If an online calculator was designed that prescribed the various valuation rates so it was unchallengeable but those rates favoured freeholders and increased the cost of enfranchisement, then it would be disastrous for leaseholders for ever more!
I felt uncomfortable reading this report. I was hoping for a leaseholder friendly document full of proposals that would help leaseholders and reduce the cost of enfranchisement, instead there are endless options, and areas put forward for discussion and various figures that must be debated and agreed on. For me here lies the very heart of the problem with the LC’s proposals.
The choices proposed are so numerous to be paralysing and will be largely indecipherable to leaseholders.
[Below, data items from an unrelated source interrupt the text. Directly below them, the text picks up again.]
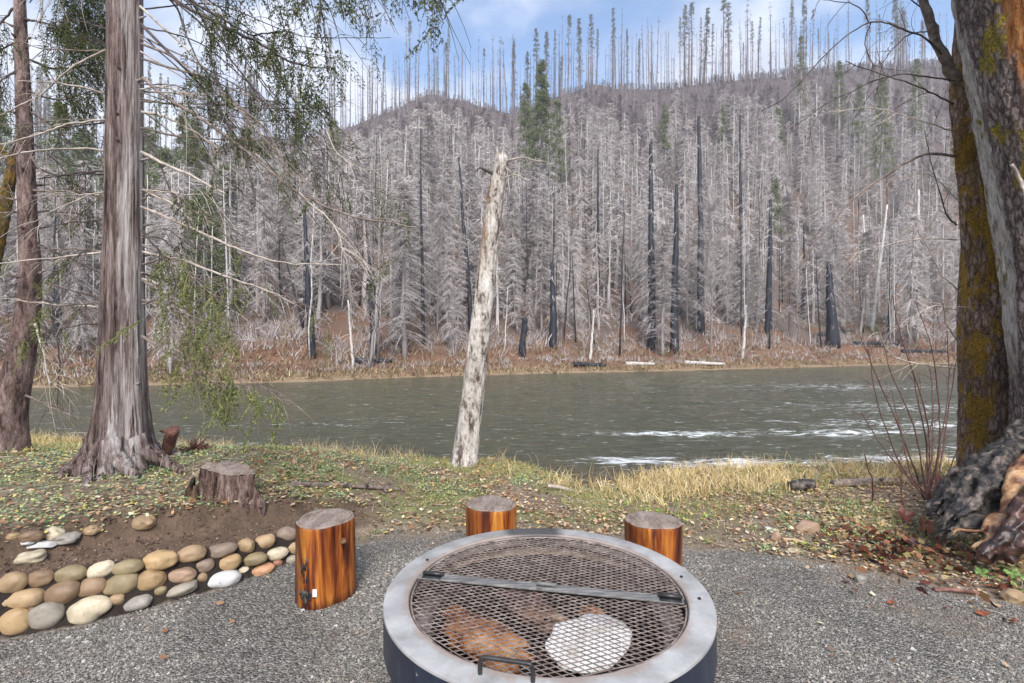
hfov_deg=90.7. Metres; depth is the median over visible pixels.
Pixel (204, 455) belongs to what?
green weeds
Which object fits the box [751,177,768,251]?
dead conifer
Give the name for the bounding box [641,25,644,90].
ridge conifer
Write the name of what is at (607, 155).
dead conifer
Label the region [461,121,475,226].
dead conifer
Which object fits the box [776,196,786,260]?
dead conifer
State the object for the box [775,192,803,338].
dead conifer
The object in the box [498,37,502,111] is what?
ridge conifer
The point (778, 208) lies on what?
dead tree
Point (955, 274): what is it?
dead conifer
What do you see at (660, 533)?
log stool
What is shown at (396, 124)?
dead conifer
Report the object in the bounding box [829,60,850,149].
green conifer
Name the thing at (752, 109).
dead conifer
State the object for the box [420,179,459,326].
dead conifer
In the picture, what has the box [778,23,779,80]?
ridge conifer
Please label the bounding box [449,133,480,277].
dead conifer
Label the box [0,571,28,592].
cobble
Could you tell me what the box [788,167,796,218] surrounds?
dead conifer
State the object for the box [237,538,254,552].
cobble
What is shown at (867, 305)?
pale snag
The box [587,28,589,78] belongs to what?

However, the LC were originally tasked by government to make this whole thing simpler. Instead we are presented with a complex set of choices that can be mixed and matched and there are various computations which must be examined and debated. Who will ultimately decide on the various rates to be used in the complex valuation of enfranchisements? However well-educated Boris is, I doubt he is an expert in enfranchisement and the same goes for the Secretary of State, so who will decide and influence these rates? Will it be working groups of leaseholders who decide? Not on your Nelly, they would never allow that.
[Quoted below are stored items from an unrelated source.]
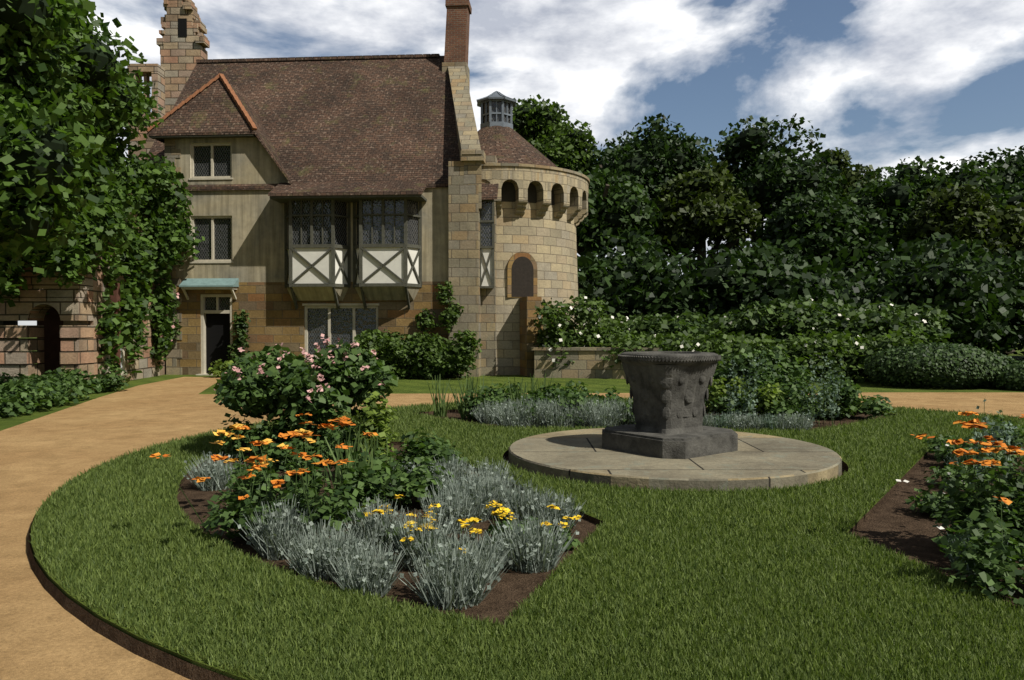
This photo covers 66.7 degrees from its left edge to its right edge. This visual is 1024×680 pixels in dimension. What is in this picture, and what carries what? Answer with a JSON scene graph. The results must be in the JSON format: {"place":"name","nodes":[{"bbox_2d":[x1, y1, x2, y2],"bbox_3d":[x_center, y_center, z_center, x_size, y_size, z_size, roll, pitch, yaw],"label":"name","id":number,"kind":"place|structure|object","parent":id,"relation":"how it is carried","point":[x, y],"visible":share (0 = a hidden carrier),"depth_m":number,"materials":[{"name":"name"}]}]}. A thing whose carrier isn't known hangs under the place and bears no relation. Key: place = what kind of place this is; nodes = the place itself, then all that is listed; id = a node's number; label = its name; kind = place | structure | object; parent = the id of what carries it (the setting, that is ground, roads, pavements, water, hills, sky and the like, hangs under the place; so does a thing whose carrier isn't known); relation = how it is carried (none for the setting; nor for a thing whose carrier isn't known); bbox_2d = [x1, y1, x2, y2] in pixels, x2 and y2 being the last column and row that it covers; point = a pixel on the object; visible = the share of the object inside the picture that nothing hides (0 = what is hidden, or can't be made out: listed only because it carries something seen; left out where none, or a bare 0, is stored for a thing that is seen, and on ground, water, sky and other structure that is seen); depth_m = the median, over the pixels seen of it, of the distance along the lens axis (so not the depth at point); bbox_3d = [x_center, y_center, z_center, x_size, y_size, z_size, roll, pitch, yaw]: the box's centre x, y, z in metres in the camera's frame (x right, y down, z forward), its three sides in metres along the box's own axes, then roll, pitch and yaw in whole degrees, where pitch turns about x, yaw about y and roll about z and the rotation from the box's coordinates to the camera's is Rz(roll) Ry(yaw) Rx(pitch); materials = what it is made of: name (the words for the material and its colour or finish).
{"place":"outdoors","nodes":[
{"label":"outdoors","id":0,"kind":"place"},
{"bbox_2d":[178,18,186,36],"bbox_3d":[-15.186,-14.393,35.894,0.399,0.847,0.120,0,1,0],"label":"window","id":1,"kind":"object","parent":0,"point":[182,27],"visible":1,"depth_m":35.83,"materials":[{"name":"black glass"}]},
{"bbox_2d":[156,0,209,113],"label":"ruin gable","id":2,"kind":"structure","parent":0,"point":[179,56],"depth_m":35.88,"materials":[{"name":"stone"}]},
{"bbox_2d":[166,137,448,374],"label":"house wall","id":3,"kind":"structure","parent":0,"point":[257,235],"depth_m":25.46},
{"bbox_2d":[149,276,182,368],"bbox_3d":[-11.598,-0.924,25.020,1.680,4.060,1.640,0,1,0],"label":"climbing rose","id":4,"kind":"object","parent":3,"relation":"attached to","point":[155,339],"depth_m":25.03,"materials":[{"name":"green plant"}]},
{"bbox_2d":[164,139,181,374],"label":"stone quoins","id":5,"kind":"object","parent":3,"relation":"attached to","point":[171,152],"visible":0.35,"depth_m":25.68,"materials":[{"name":"beige stone"}]},
{"bbox_2d":[190,143,200,260],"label":"plaster reveals","id":6,"kind":"object","parent":3,"relation":"attached to","point":[190,171],"visible":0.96,"depth_m":25.61,"materials":[{"name":"beige paint"}]},
{"bbox_2d":[179,278,238,286],"bbox_3d":[-9.896,-1.875,25.397,1.815,0.304,0.420,0,1,4],"label":"door canopy","id":7,"kind":"object","parent":3,"relation":"attached to","point":[210,282],"depth_m":25.36,"materials":[{"name":"teal metal"}]},
{"bbox_2d":[200,294,304,357],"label":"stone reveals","id":8,"kind":"object","parent":3,"relation":"attached to","point":[304,321],"visible":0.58,"depth_m":25.47,"materials":[{"name":"beige stone"}]},
{"bbox_2d":[181,143,378,374],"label":"window frames","id":9,"kind":"structure","parent":3,"relation":"in","point":[329,306],"depth_m":25.59,"materials":[{"name":"beige wood"}]},
{"bbox_2d":[149,134,493,308],"bbox_3d":[-6.235,-3.833,24.868,11.304,5.673,1.063,0,1,4],"label":"timber framing","id":10,"kind":"object","parent":3,"relation":"attached to","point":[332,246],"visible":0.91,"depth_m":24.77,"materials":[{"name":"brown wood"}]},
{"bbox_2d":[287,286,419,300],"bbox_3d":[-5.192,-1.494,24.995,4.432,0.437,0.580,0,1,4],"label":"bay window base","id":11,"kind":"object","parent":10,"relation":"attached to","point":[370,293],"visible":0.91,"depth_m":24.98,"materials":[{"name":"wood"}]},
{"bbox_2d":[287,247,491,285],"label":"plaster panels","id":12,"kind":"object","parent":10,"relation":"attached to","point":[383,255],"visible":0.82,"depth_m":24.79,"materials":[{"name":"white paint"}]},
{"bbox_2d":[145,56,498,198],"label":"house roof tiles","id":13,"kind":"object","parent":3,"relation":"on","point":[362,127],"visible":0.78,"depth_m":26.99,"materials":[{"name":"brown tile"}]},
{"bbox_2d":[146,73,256,131],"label":"gable ridge tiles","id":14,"kind":"object","parent":13,"relation":"on","point":[237,101],"visible":0.94,"depth_m":25.81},
{"bbox_2d":[196,54,439,62],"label":"roof ridge tiles","id":15,"kind":"object","parent":13,"relation":"on","point":[318,58],"visible":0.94,"depth_m":29.94,"materials":[{"name":"brown tile"}]},
{"bbox_2d":[194,146,491,354],"bbox_3d":[-5.602,-2.941,25.127,10.012,7.042,0.785,0,1,3],"label":"window glass","id":16,"kind":"object","parent":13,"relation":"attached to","point":[341,323],"visible":0.65,"depth_m":25.39,"materials":[{"name":"black glass"}]},
{"bbox_2d":[0,377,1023,679],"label":"gravel path","id":17,"kind":"structure","parent":0,"point":[44,635],"depth_m":9.26,"materials":[{"name":"beige gravel"}]},
{"bbox_2d":[27,505,234,679],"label":"lawn edging","id":18,"kind":"object","parent":17,"relation":"on","point":[183,668],"visible":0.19,"depth_m":3.88,"materials":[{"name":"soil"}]},
{"bbox_2d":[177,407,1023,624],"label":"bed soil","id":19,"kind":"structure","parent":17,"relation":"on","point":[892,520],"depth_m":5.99,"materials":[{"name":"brown soil"}]},
{"bbox_2d":[213,334,397,453],"bbox_3d":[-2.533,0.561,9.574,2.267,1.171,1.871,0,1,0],"label":"rose bush","id":20,"kind":"object","parent":19,"relation":"on","point":[252,393],"visible":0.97,"depth_m":9.05,"materials":[{"name":"green plant"}]},
{"bbox_2d":[321,373,552,516],"bbox_3d":[-1.056,1.016,10.627,2.043,0.747,8.494,0,1,12],"label":"iris bed","id":21,"kind":"object","parent":19,"relation":"on","point":[439,412],"visible":0.48,"depth_m":13.04,"materials":[{"name":"green plant"}]},
{"bbox_2d":[183,395,816,609],"bbox_3d":[0.050,1.150,9.121,5.065,0.519,9.187,1,1,32],"label":"lavender bed","id":22,"kind":"object","parent":19,"relation":"on","point":[452,595],"depth_m":5.19,"materials":[{"name":"grey plant"}]},
{"bbox_2d":[29,396,1023,679],"bbox_3d":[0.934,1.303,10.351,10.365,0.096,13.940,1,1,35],"label":"lawn grass","id":23,"kind":"structure","parent":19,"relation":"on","point":[945,664],"depth_m":4.39,"materials":[{"name":"green plant"}]},
{"bbox_2d":[160,349,1023,607],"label":"herb bed","id":24,"kind":"object","parent":19,"relation":"on","point":[937,505],"visible":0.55,"depth_m":6.39,"materials":[{"name":"green plant"}]},
{"bbox_2d":[209,423,315,465],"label":"flowers","id":25,"kind":"object","parent":24,"relation":"on","point":[267,440],"visible":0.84,"depth_m":6.38,"materials":[{"name":"orange plant"}]},
{"bbox_2d":[363,494,581,552],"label":"flowers","id":26,"kind":"object","parent":24,"relation":"on","point":[500,510],"visible":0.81,"depth_m":5.31,"materials":[{"name":"yellow plant"}]},
{"bbox_2d":[150,411,1023,504],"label":"flowers","id":27,"kind":"object","parent":24,"relation":"on","point":[276,483],"visible":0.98,"depth_m":5.46,"materials":[{"name":"orange plant"}]},
{"bbox_2d":[713,346,808,396],"bbox_3d":[4.457,0.583,13.997,1.622,0.975,1.402,1,1,35],"label":"shrub","id":28,"kind":"object","parent":24,"relation":"on","point":[775,354],"visible":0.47,"depth_m":13.65,"materials":[{"name":"green plant"}]},
{"bbox_2d":[353,376,863,474],"bbox_3d":[1.587,0.912,11.522,9.643,0.918,2.748,-1,1,-37],"label":"shrub","id":29,"kind":"object","parent":19,"relation":"on","point":[373,422],"visible":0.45,"depth_m":7.91,"materials":[{"name":"green plant"}]},
{"bbox_2d":[509,428,841,490],"bbox_3d":[1.830,1.345,9.105,3.740,0.168,3.740,0,1,0],"label":"stone paving circle","id":30,"kind":"object","parent":19,"relation":"on","point":[757,460],"visible":0.6,"depth_m":8.06,"materials":[{"name":"beige stone"}]},
{"bbox_2d":[602,351,737,458],"bbox_3d":[1.830,0.704,9.094,1.260,1.115,1.260,-1,1,-38],"label":"stone urn","id":31,"kind":"object","parent":30,"relation":"on","point":[669,393],"visible":1,"depth_m":8.75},
{"bbox_2d":[705,354,1023,544],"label":"sage","id":32,"kind":"object","parent":19,"relation":"on","point":[998,436],"visible":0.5,"depth_m":12.06,"materials":[{"name":"green plant"}]},
{"bbox_2d":[896,444,965,528],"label":"white flowers","id":33,"kind":"object","parent":19,"relation":"on","point":[940,527],"visible":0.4,"depth_m":6.07,"materials":[{"name":"white plant"}]},
{"bbox_2d":[0,337,1023,430],"bbox_3d":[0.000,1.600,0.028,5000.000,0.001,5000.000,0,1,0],"label":"ground","id":34,"kind":"structure","parent":0,"point":[419,386],"depth_m":20.72,"materials":[{"name":"green plant"}]},
{"bbox_2d":[0,366,131,417],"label":"border groundcover","id":35,"kind":"object","parent":34,"relation":"on","point":[22,393],"visible":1,"depth_m":15.84,"materials":[{"name":"green plant"}]},
{"bbox_2d":[0,0,163,324],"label":"tree","id":36,"kind":"object","parent":34,"relation":"on","point":[54,68],"depth_m":15.38,"materials":[{"name":"green plant"}]},
{"bbox_2d":[0,175,166,381],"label":"ruin wall with arch","id":37,"kind":"structure","parent":34,"relation":"on","point":[74,305],"depth_m":19.93,"materials":[{"name":"beige stone"}]},
{"bbox_2d":[37,283,120,377],"bbox_3d":[-11.973,-0.075,21.502,2.200,3.000,0.200,0,1,0],"label":"ruin arch interior","id":38,"kind":"object","parent":37,"relation":"in","point":[51,322],"visible":0.21,"depth_m":21.40,"materials":[{"name":"black"}]},
{"bbox_2d":[105,331,126,375],"bbox_3d":[-11.155,0.384,21.835,0.201,1.270,1.150,0,1,0],"label":"ruin window frame","id":39,"kind":"object","parent":37,"relation":"in","point":[123,358],"visible":0.26,"depth_m":22.26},
{"bbox_2d":[0,140,204,373],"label":"climbing ivy","id":40,"kind":"object","parent":34,"relation":"on","point":[167,240],"visible":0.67,"depth_m":22.11,"materials":[{"name":"green plant"}]},
{"bbox_2d":[127,64,164,159],"bbox_3d":[-15.895,-5.244,33.914,1.310,13.303,0.700,0,1,0],"label":"ruin window fragment","id":41,"kind":"object","parent":34,"relation":"on","point":[156,72],"visible":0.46,"depth_m":33.51,"materials":[{"name":"stone"}]},
{"bbox_2d":[206,314,229,372],"bbox_3d":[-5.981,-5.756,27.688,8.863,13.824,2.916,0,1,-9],"label":"dark doorway","id":42,"kind":"structure","parent":34,"relation":"on","point":[217,334],"depth_m":25.85,"materials":[{"name":"black wood"}]},
{"bbox_2d":[227,309,409,372],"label":"house border shrubs","id":43,"kind":"object","parent":34,"relation":"on","point":[239,325],"visible":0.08,"depth_m":25.26,"materials":[{"name":"green plant"}]},
{"bbox_2d":[208,359,438,377],"bbox_3d":[-5.885,0.888,24.410,7.291,0.662,1.565,0,1,0],"label":"house border edging","id":44,"kind":"object","parent":34,"relation":"on","point":[218,368],"visible":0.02,"depth_m":24.24,"materials":[{"name":"green plant"}]},
{"bbox_2d":[350,281,481,379],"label":"tower foot shrubs","id":45,"kind":"object","parent":34,"relation":"on","point":[427,356],"visible":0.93,"depth_m":23.44,"materials":[{"name":"green plant"}]},
{"bbox_2d":[442,62,497,376],"bbox_3d":[-1.514,-4.589,27.227,2.194,11.526,5.633,0,1,0],"label":"chimney stack","id":46,"kind":"object","parent":34,"relation":"on","point":[469,294],"visible":0.77,"depth_m":24.68,"materials":[{"name":"beige stone"}]},
{"bbox_2d":[444,0,471,63],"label":"brick chimney","id":47,"kind":"object","parent":46,"relation":"on","point":[459,12],"visible":0.89,"depth_m":29.04,"materials":[{"name":"brown brick"}]},
{"bbox_2d":[477,126,556,166],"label":"conical tower roof","id":48,"kind":"structure","parent":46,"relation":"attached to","point":[502,144],"depth_m":26.98,"materials":[{"name":"tile"}]},
{"bbox_2d":[480,100,512,128],"bbox_3d":[-0.563,-8.118,28.463,1.197,1.073,1.197,0,1,0],"label":"lantern frame","id":49,"kind":"object","parent":48,"relation":"on","point":[496,123],"visible":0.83,"depth_m":27.99,"materials":[{"name":"grey metal"}]},
{"bbox_2d":[483,101,509,122],"bbox_3d":[-0.563,-8.228,28.461,1.010,0.853,1.011,0,1,0],"label":"lantern glass","id":50,"kind":"object","parent":49,"relation":"in","point":[499,109],"visible":0.54,"depth_m":27.97,"materials":[{"name":"glass"}]},
{"bbox_2d":[477,91,516,106],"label":"cupola roof","id":51,"kind":"structure","parent":49,"relation":"on","point":[496,95],"depth_m":28.05,"materials":[{"name":"grey metal"}]},
{"bbox_2d":[496,202,578,374],"bbox_3d":[-0.563,-2.082,28.568,6.144,6.467,6.144,0,1,0],"label":"tower shaft","id":52,"kind":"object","parent":34,"relation":"on","point":[547,242],"visible":0.2,"depth_m":25.86,"materials":[{"name":"beige stone"}]},
{"bbox_2d":[507,252,536,297],"bbox_3d":[0.296,-2.164,25.862,1.043,1.515,0.350,0,1,-18],"label":"window surround","id":53,"kind":"object","parent":52,"relation":"attached to","point":[514,257],"visible":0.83,"depth_m":25.62,"materials":[{"name":"beige stone"}]},
{"bbox_2d":[512,256,533,296],"bbox_3d":[0.351,-2.091,25.691,0.763,1.335,0.001,0,1,-18],"label":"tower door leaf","id":54,"kind":"object","parent":53,"relation":"in","point":[522,277],"visible":0.95,"depth_m":25.69,"materials":[{"name":"brown wood"}]},
{"bbox_2d":[501,182,553,204],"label":"arched openings","id":55,"kind":"object","parent":52,"relation":"attached to","point":[508,192],"visible":0.05,"depth_m":25.68,"materials":[{"name":"black"}]},
{"bbox_2d":[481,166,587,225],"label":"parapet","id":56,"kind":"structure","parent":52,"relation":"attached to","point":[525,177],"depth_m":25.63,"materials":[{"name":"beige stone"}]},
{"bbox_2d":[445,163,589,185],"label":"tower parapet","id":57,"kind":"structure","parent":56,"relation":"on","point":[541,166],"depth_m":25.44,"materials":[{"name":"beige stone"}]},
{"bbox_2d":[482,179,586,209],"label":"arches","id":58,"kind":"structure","parent":56,"relation":"attached to","point":[559,195],"depth_m":26.24,"materials":[{"name":"beige stone"}]},
{"bbox_2d":[513,94,601,173],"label":"tree","id":59,"kind":"object","parent":34,"relation":"on","point":[550,141],"depth_m":44.59,"materials":[{"name":"green plant"}]},
{"bbox_2d":[531,347,660,378],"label":"stone wall","id":60,"kind":"structure","parent":34,"relation":"on","point":[590,362],"depth_m":23.99,"materials":[{"name":"grey stone"}]},
{"bbox_2d":[576,167,662,265],"bbox_3d":[3.740,-3.882,38.855,7.271,9.606,6.243,0,1,0],"label":"tree","id":61,"kind":"object","parent":34,"relation":"on","point":[631,188],"depth_m":36.95,"materials":[{"name":"green plant"}]},
{"bbox_2d":[582,113,717,256],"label":"tree","id":62,"kind":"object","parent":34,"relation":"on","point":[660,141],"depth_m":42.25,"materials":[{"name":"green plant"}]},
{"bbox_2d":[647,159,762,273],"bbox_3d":[9.525,-4.175,39.752,6.520,10.160,6.489,0,1,0],"label":"tree","id":63,"kind":"object","parent":34,"relation":"on","point":[699,217],"depth_m":38.17,"materials":[{"name":"green plant"}]},
{"bbox_2d":[703,113,849,247],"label":"tree","id":64,"kind":"object","parent":34,"relation":"on","point":[770,162],"depth_m":43.45,"materials":[{"name":"green plant"}]},
{"bbox_2d":[577,226,1023,358],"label":"understorey thicket","id":65,"kind":"object","parent":34,"relation":"on","point":[1000,295],"visible":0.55,"depth_m":31.07,"materials":[{"name":"green plant"}]},
{"bbox_2d":[578,263,1023,341],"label":"understorey","id":66,"kind":"object","parent":34,"relation":"on","point":[717,285],"visible":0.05,"depth_m":31.38,"materials":[{"name":"green plant"}]},
{"bbox_2d":[750,188,893,270],"bbox_3d":[14.810,-3.207,37.438,6.607,8.306,6.141,0,1,0],"label":"tree","id":67,"kind":"object","parent":34,"relation":"on","point":[810,209],"depth_m":36.00,"materials":[{"name":"green plant"}]},
{"bbox_2d":[813,147,882,201],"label":"tree","id":68,"kind":"object","parent":34,"relation":"on","point":[852,177],"depth_m":50.14,"materials":[{"name":"green plant"}]},
{"bbox_2d":[837,155,1010,261],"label":"tree","id":69,"kind":"object","parent":34,"relation":"on","point":[871,188],"depth_m":41.59,"materials":[{"name":"green plant"}]},
{"bbox_2d":[864,342,1015,388],"bbox_3d":[11.421,0.651,20.613,3.835,1.220,2.629,0,1,0],"label":"hedge","id":70,"kind":"object","parent":34,"relation":"on","point":[962,365],"visible":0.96,"depth_m":19.91,"materials":[{"name":"green plant"}]},
{"bbox_2d":[896,182,1023,264],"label":"tree","id":71,"kind":"object","parent":34,"relation":"on","point":[961,206],"depth_m":36.29,"materials":[{"name":"green plant"}]},
{"bbox_2d":[960,145,1023,353],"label":"tree","id":72,"kind":"object","parent":34,"relation":"on","point":[1014,180],"depth_m":43.87,"materials":[{"name":"green plant"}]},
{"bbox_2d":[989,360,1023,390],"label":"hedge","id":73,"kind":"object","parent":34,"relation":"on","point":[1015,372],"visible":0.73,"depth_m":19.45,"materials":[{"name":"green plant"}]},
{"bbox_2d":[992,187,1023,260],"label":"tree","id":74,"kind":"object","parent":34,"relation":"on","point":[1003,201],"depth_m":38.94,"materials":[{"name":"green plant"}]},
{"bbox_2d":[18,0,1023,324],"label":"sky","id":75,"kind":"structure","parent":0,"point":[886,82],"materials":[{"name":"blue"}]},
{"bbox_2d":[520,297,577,375],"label":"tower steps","id":76,"kind":"structure","parent":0,"point":[529,332],"depth_m":24.96,"materials":[{"name":"brown stone"}]},
{"bbox_2d":[533,294,653,369],"bbox_3d":[2.493,-0.069,25.921,3.256,2.854,5.548,1,1,40],"label":"rose bush","id":77,"kind":"object","parent":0,"point":[553,317],"visible":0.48,"depth_m":24.55,"materials":[{"name":"green plant"}]},
{"bbox_2d":[538,296,629,361],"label":"white flowers","id":78,"kind":"object","parent":77,"relation":"attached to","point":[559,325],"visible":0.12,"depth_m":24.34,"materials":[{"name":"white plant"}]},
{"bbox_2d":[597,328,922,382],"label":"shrubs","id":79,"kind":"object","parent":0,"point":[844,347],"depth_m":22.93,"materials":[{"name":"green plant"}]},
{"bbox_2d":[575,297,951,373],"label":"rose bank","id":80,"kind":"structure","parent":0,"point":[870,319],"depth_m":25.33,"materials":[{"name":"green plant"}]},
{"bbox_2d":[704,412,1023,578],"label":"flowering plants","id":81,"kind":"object","parent":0,"point":[721,423],"depth_m":11.45,"materials":[{"name":"plant"}]}
]}

When the time comes for these decisions to be made, they will have to turn to enfranchisement professionals. If we are basing any future changes on the existing leasehold system, these guys and gals are the only people who really understand it. Therefore, the voices that will be consulted when it’s time to prescribe these various rates will be the professionals of the freeholders. Leaseholders don’t pay lawyers and valuers on retention to protect their political interests, only the freeholders can afford that. Leaseholders are not experts on the complex minutia of leasehold valuation principles, freeholders and their representatives are. Leaseholders are not a well-funded cohesive group prepared to pay lobbyists to influence potential reform, they are just individuals looking to live their lives free from the rapacious machinations of their freeholder.
So, after all the consultations we have filled out, all the meetings we attended to let our voices be heard and all the nervous waiting we endured over the last year for the Law Commission’s report on valuations, we have this door-stopper of a document to show for it. We wanted clear simple radical reform and it looks like we have tinkering around the edges of the god-awful old feudal leasehold system.
I personally find it wholly disappointing and hugely underwhelming, a big flaccid damp squib.I could well be wrong though and I really hope that I am.
The Law Commission have completed their task and it now sits firmly in the lap of the Government to decide just how radical their reforms will be. It has been our willingness to raise our voices and let the world know of our anger and disgust that has made leasehold political and given us a chance of meaningful legislative reform. We have one more push we have to do, one more effort we have to make to put sustained and continuous pressure on the government and your local MP to ensure that the government see leasehold as a political issue and realise that they have no option but to reform it.